[YOUR ASSIGNMENT]
For any picture in the lines below, please leave it out and copy the rest exactly.

──────── THE DATA

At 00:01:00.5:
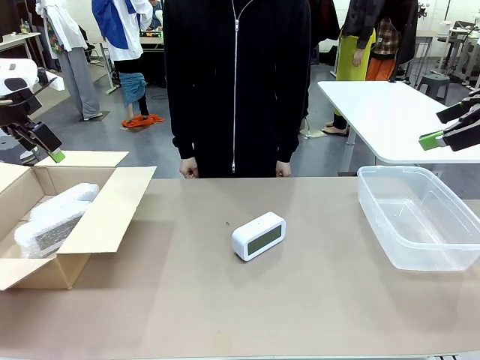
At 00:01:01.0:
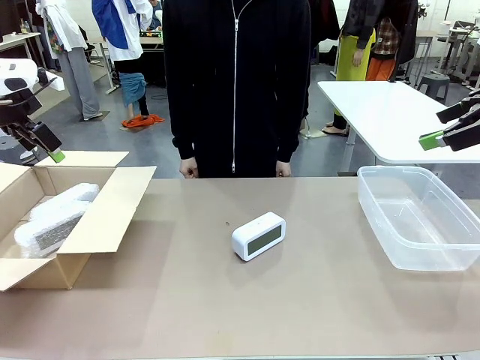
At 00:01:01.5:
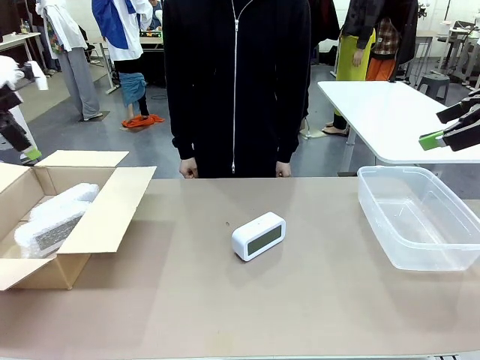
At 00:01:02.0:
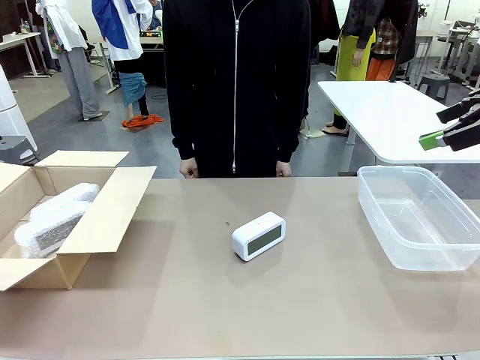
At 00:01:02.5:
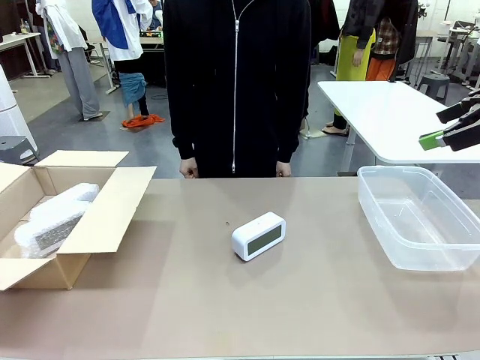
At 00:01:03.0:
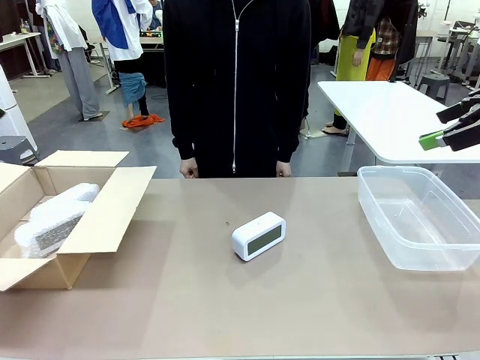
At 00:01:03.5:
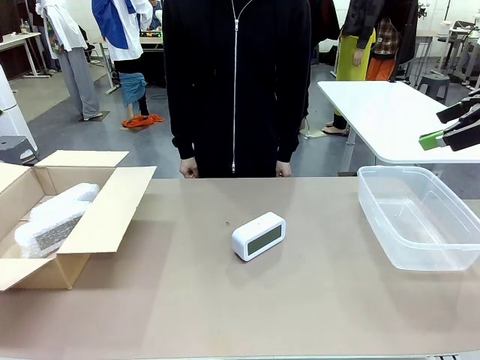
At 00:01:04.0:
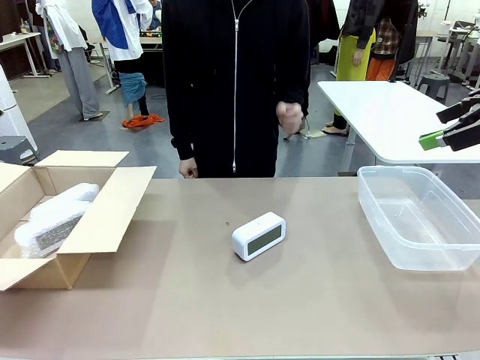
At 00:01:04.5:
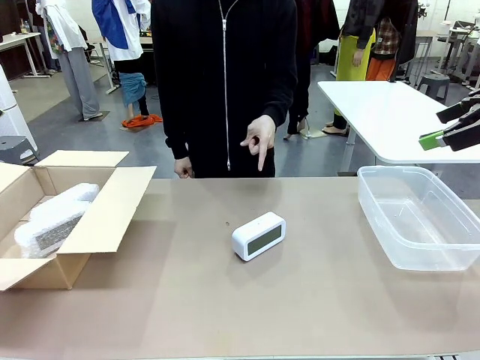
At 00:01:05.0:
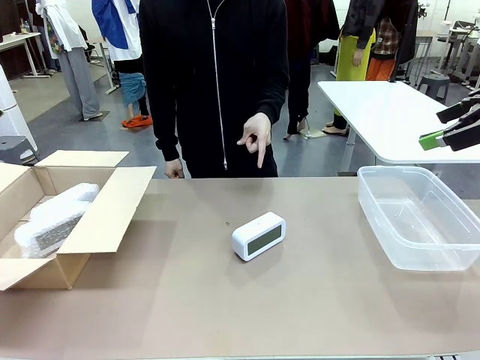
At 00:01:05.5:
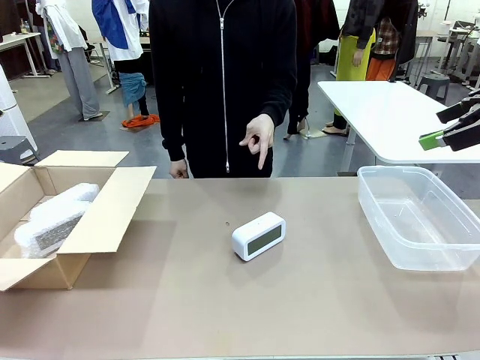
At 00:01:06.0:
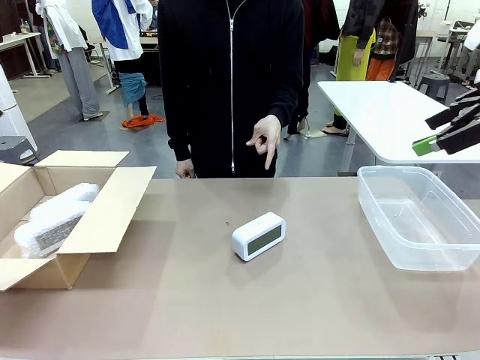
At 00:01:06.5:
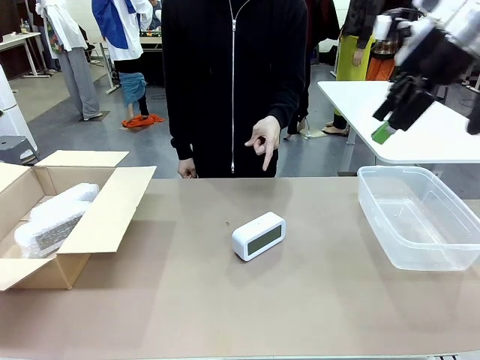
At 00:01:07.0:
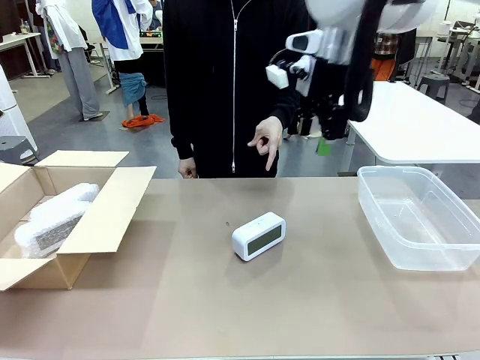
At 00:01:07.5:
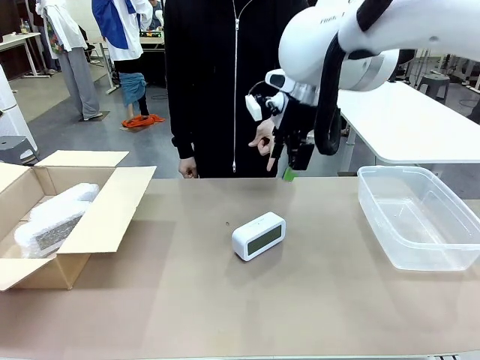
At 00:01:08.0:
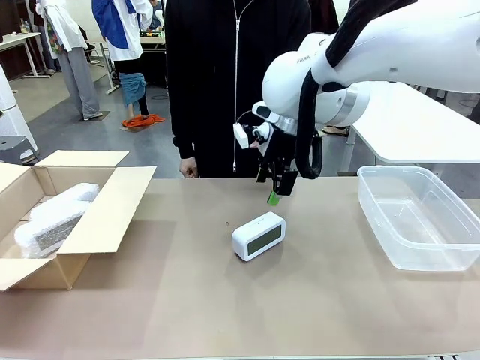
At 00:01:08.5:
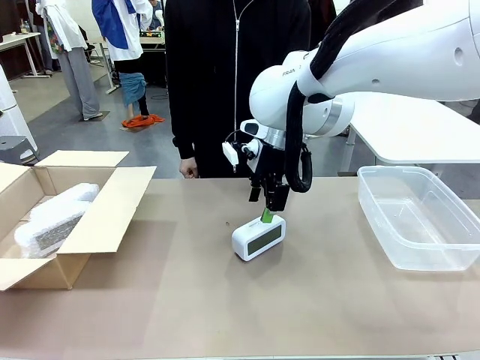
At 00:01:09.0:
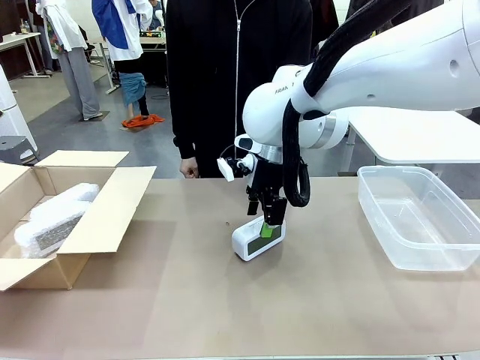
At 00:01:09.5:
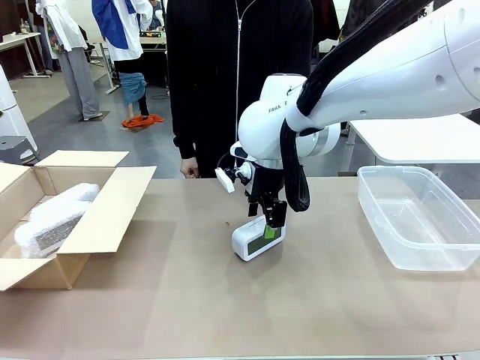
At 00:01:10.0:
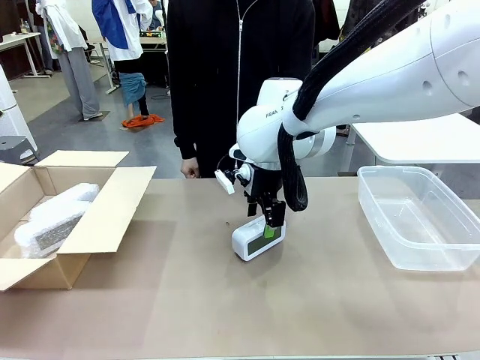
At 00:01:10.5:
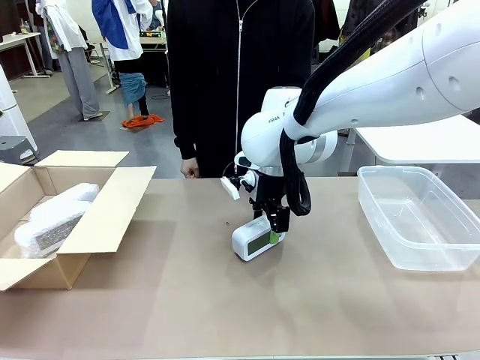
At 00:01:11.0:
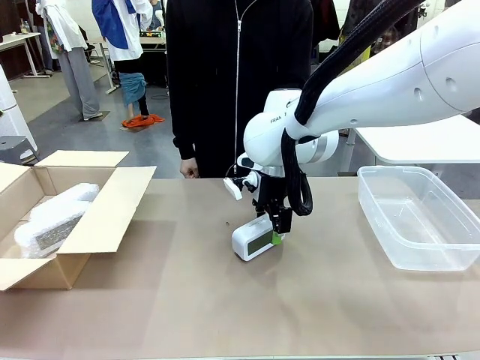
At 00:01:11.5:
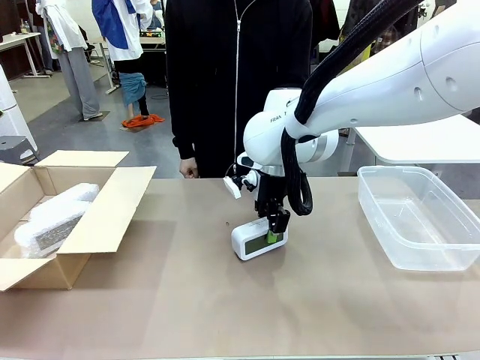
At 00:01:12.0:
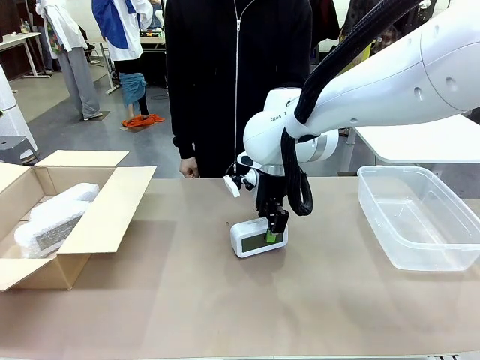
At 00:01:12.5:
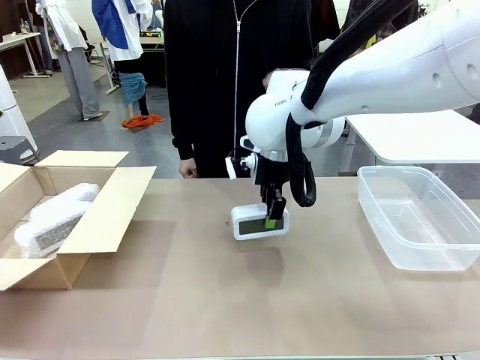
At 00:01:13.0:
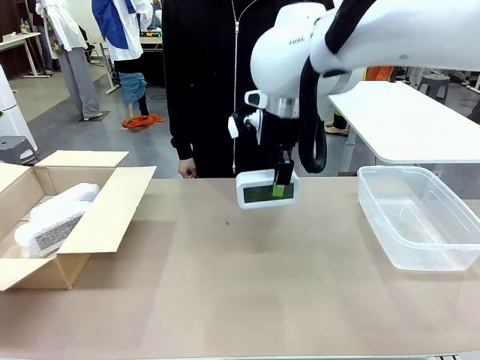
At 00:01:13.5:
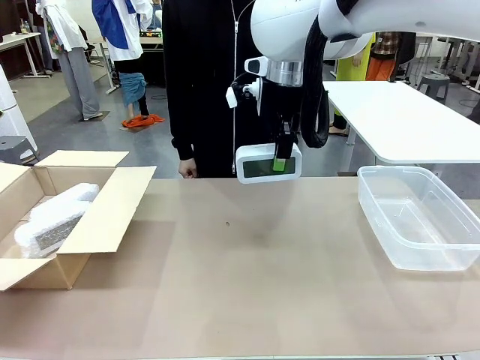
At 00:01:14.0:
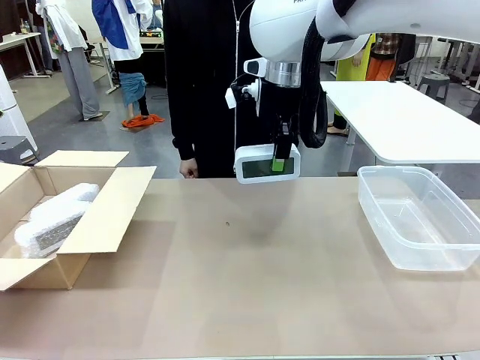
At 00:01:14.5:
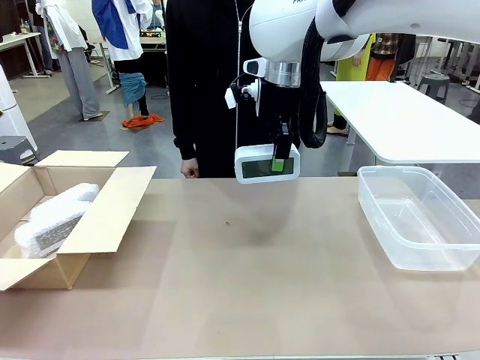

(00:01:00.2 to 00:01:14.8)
Robot: Pick up the Digital clock indicated by the person.

────────────────

[FINISHED EXERCISE]
At 00:01:00.5:
At 00:01:01.0:
At 00:01:01.5:
At 00:01:02.0:
At 00:01:02.5:
At 00:01:03.0:
At 00:01:03.5:
At 00:01:04.0:
At 00:01:04.5:
At 00:01:05.0:
At 00:01:05.5:
At 00:01:06.0:
At 00:01:06.5:
At 00:01:07.0:
At 00:01:07.5:
At 00:01:08.0:
At 00:01:08.5:
At 00:01:09.0:
At 00:01:09.5:
At 00:01:10.0:
At 00:01:10.5:
At 00:01:11.0:
At 00:01:11.5:
At 00:01:12.0:
At 00:01:12.5:
At 00:01:13.0:
At 00:01:13.5:
At 00:01:14.0:
At 00:01:14.5:

(00:01:00.2 to 00:01:14.8)
Robot: Pick up the Digital clock indicated by the person.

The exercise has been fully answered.